• Activity
Leave out the pictures and transcribe every entry below exactly.

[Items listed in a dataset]
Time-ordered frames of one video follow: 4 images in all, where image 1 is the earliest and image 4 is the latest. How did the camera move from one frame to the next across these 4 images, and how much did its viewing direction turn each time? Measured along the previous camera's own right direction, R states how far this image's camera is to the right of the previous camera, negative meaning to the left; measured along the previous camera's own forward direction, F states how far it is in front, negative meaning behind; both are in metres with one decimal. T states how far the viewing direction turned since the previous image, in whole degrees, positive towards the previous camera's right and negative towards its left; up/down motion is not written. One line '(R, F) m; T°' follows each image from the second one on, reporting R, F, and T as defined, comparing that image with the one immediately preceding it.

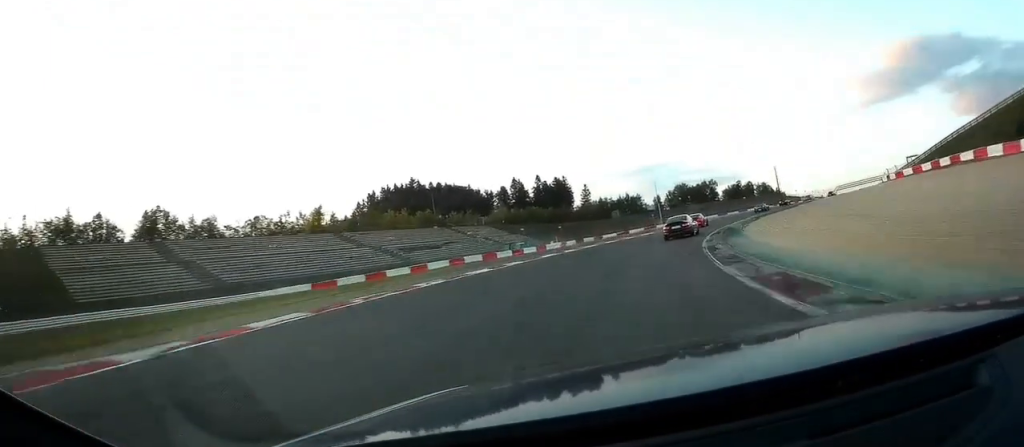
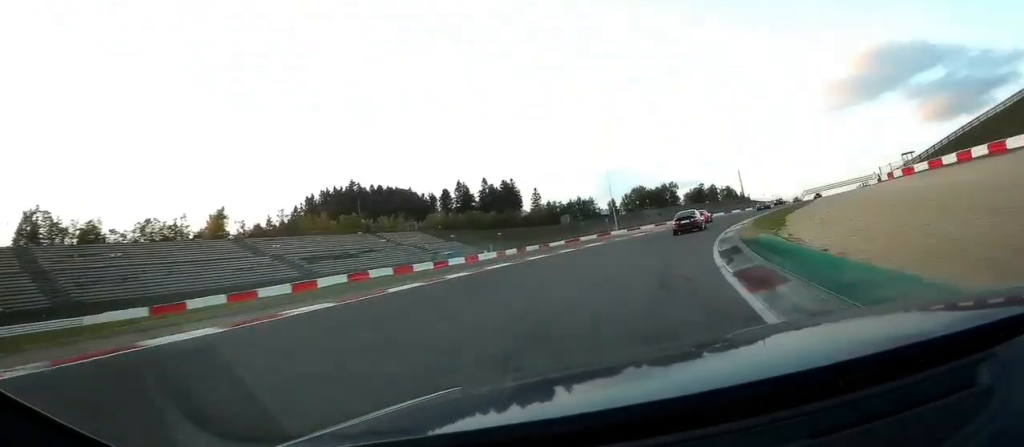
(+1.4, +19.5) m; +4°
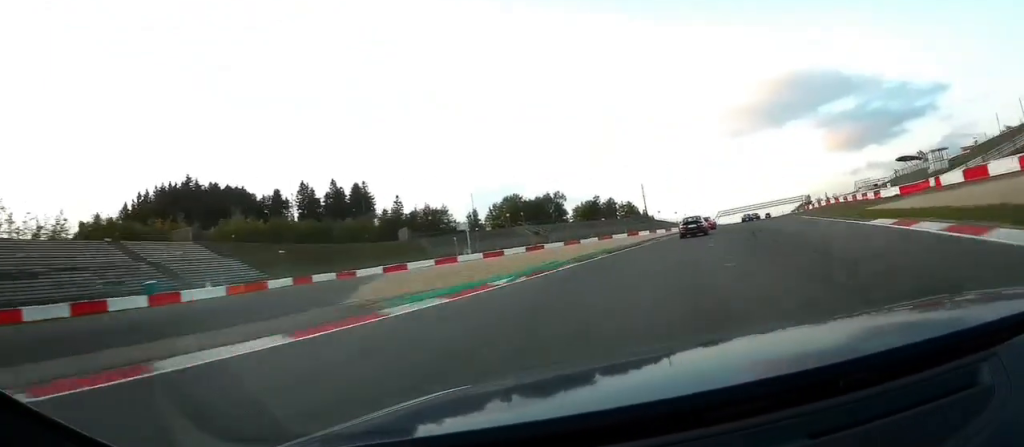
(+4.8, +54.7) m; +9°
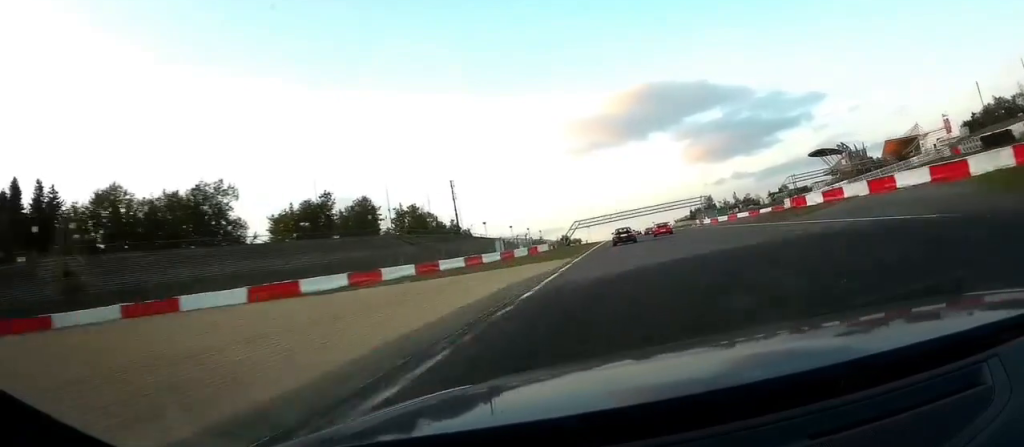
(+10.1, +101.7) m; +8°
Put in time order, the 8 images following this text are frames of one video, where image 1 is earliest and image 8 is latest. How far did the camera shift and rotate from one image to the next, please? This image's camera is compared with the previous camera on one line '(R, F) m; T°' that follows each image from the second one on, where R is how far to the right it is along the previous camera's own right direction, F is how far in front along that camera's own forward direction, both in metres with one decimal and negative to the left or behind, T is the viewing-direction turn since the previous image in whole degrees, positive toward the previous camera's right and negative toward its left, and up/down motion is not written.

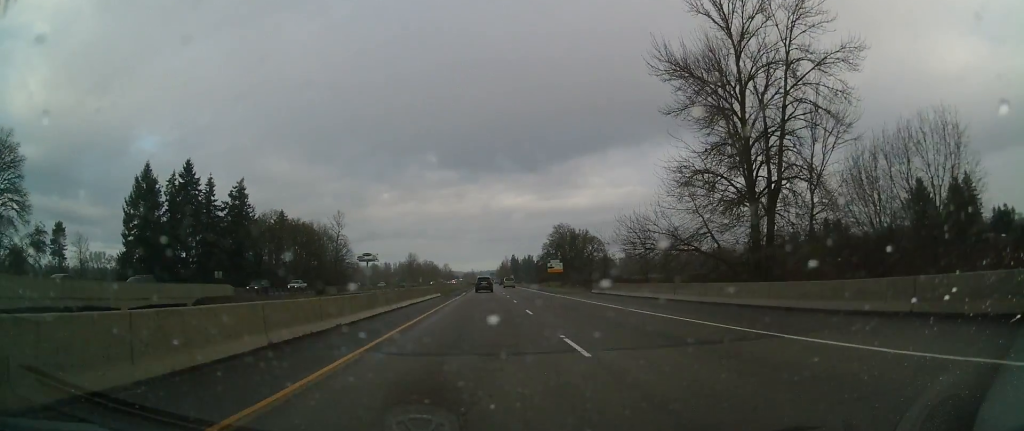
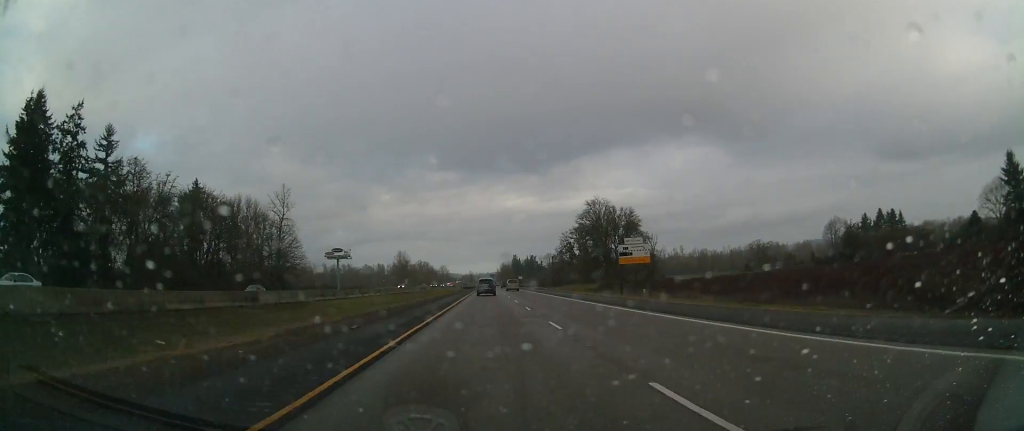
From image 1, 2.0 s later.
(0.0, +67.6) m; 0°
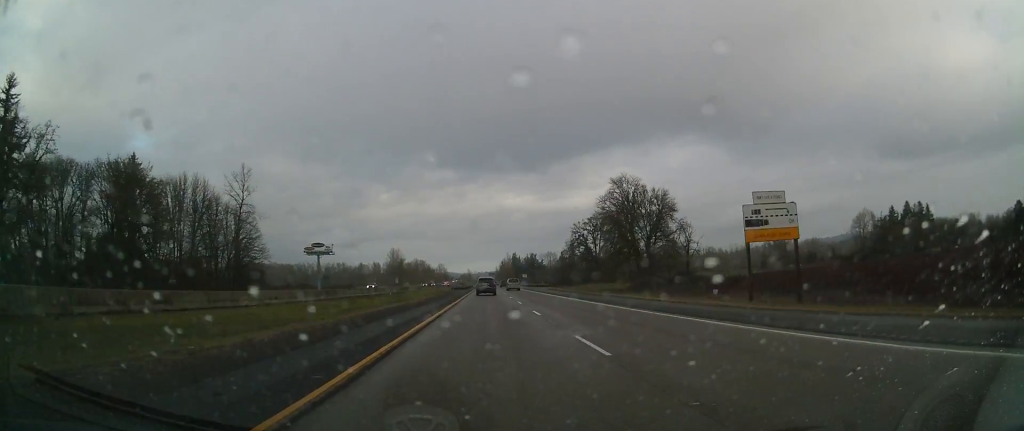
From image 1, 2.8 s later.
(-0.2, +29.8) m; 0°
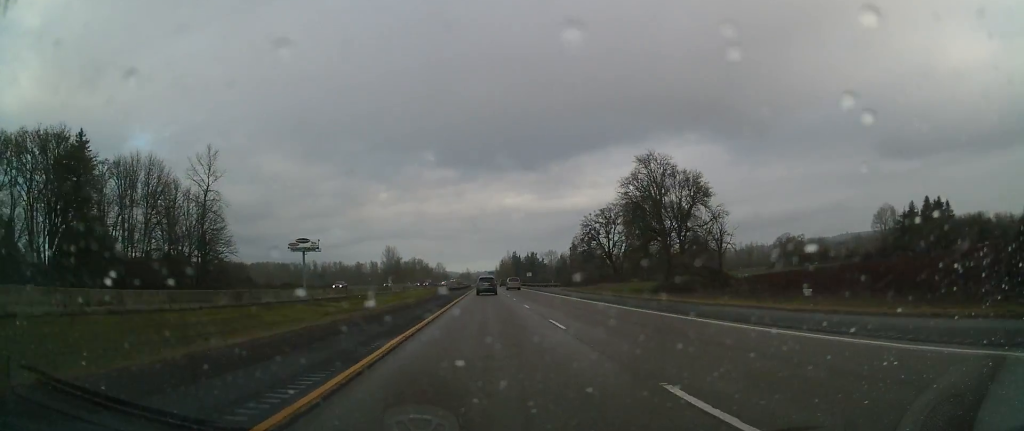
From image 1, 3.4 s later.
(-0.2, +19.5) m; 0°
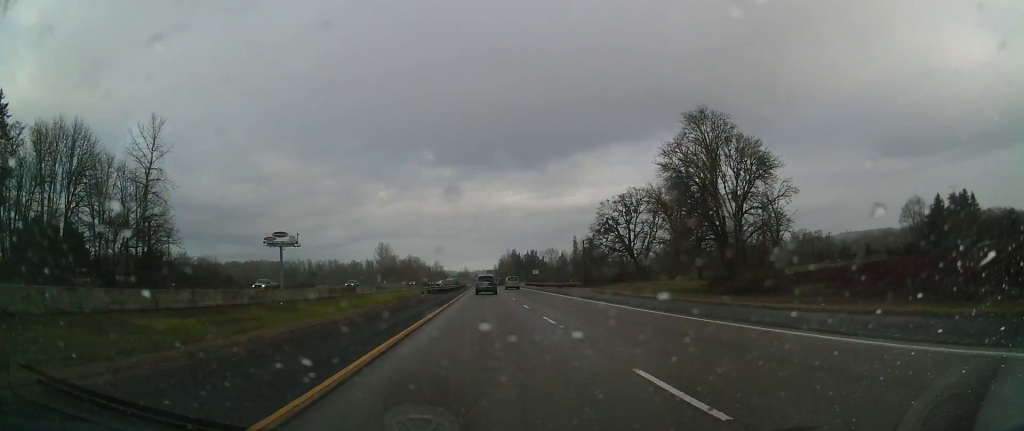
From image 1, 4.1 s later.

• Solved exercise
Time-ordered frames of one video follow: 4 images in all, where image 1 is the earliest and image 4 is the latest. How did the camera move from one frame to the next across these 4 images, and how much did its viewing direction turn each time? Measured along the previous camera's own right direction, R states how far this image's camera is to the right of the previous camera, negative meaning to the left; measured along the previous camera's own forward direction, F states how far it is in front, negative meaning behind; both are in metres with one decimal. T states how far the viewing direction turned since the previous image, in whole degrees, positive towards the previous camera's right and negative towards its left; up/down motion is not written. One line '(R, F) m; T°' follows each image from the second one on, reporting R, F, and T as defined, comparing that image with the one immediately preceding it.

(+1.4, +19.5) m; +4°
(+4.8, +54.7) m; +9°
(+10.1, +101.7) m; +8°
Put in time order, the 8 images following this text are frames of one video, where image 1 is earliest and image 8 is latest. How far did the camera shift and rotate from one image to the next, please? This image's camera is compared with the previous camera on one line '(R, F) m; T°' that follows each image from the second one on, where R is how far to the right it is along the previous camera's own right direction, F is how far in front along that camera's own forward direction, both in metres with one decimal and negative to the left or behind, T is the viewing-direction turn since the previous image in whole degrees, positive toward the previous camera's right and negative toward its left, and up/down motion is not written.

From image 1, 2.0 s later.
(0.0, +67.6) m; 0°
From image 1, 2.8 s later.
(-0.2, +29.8) m; 0°
From image 1, 3.4 s later.
(-0.2, +19.5) m; 0°
From image 1, 4.1 s later.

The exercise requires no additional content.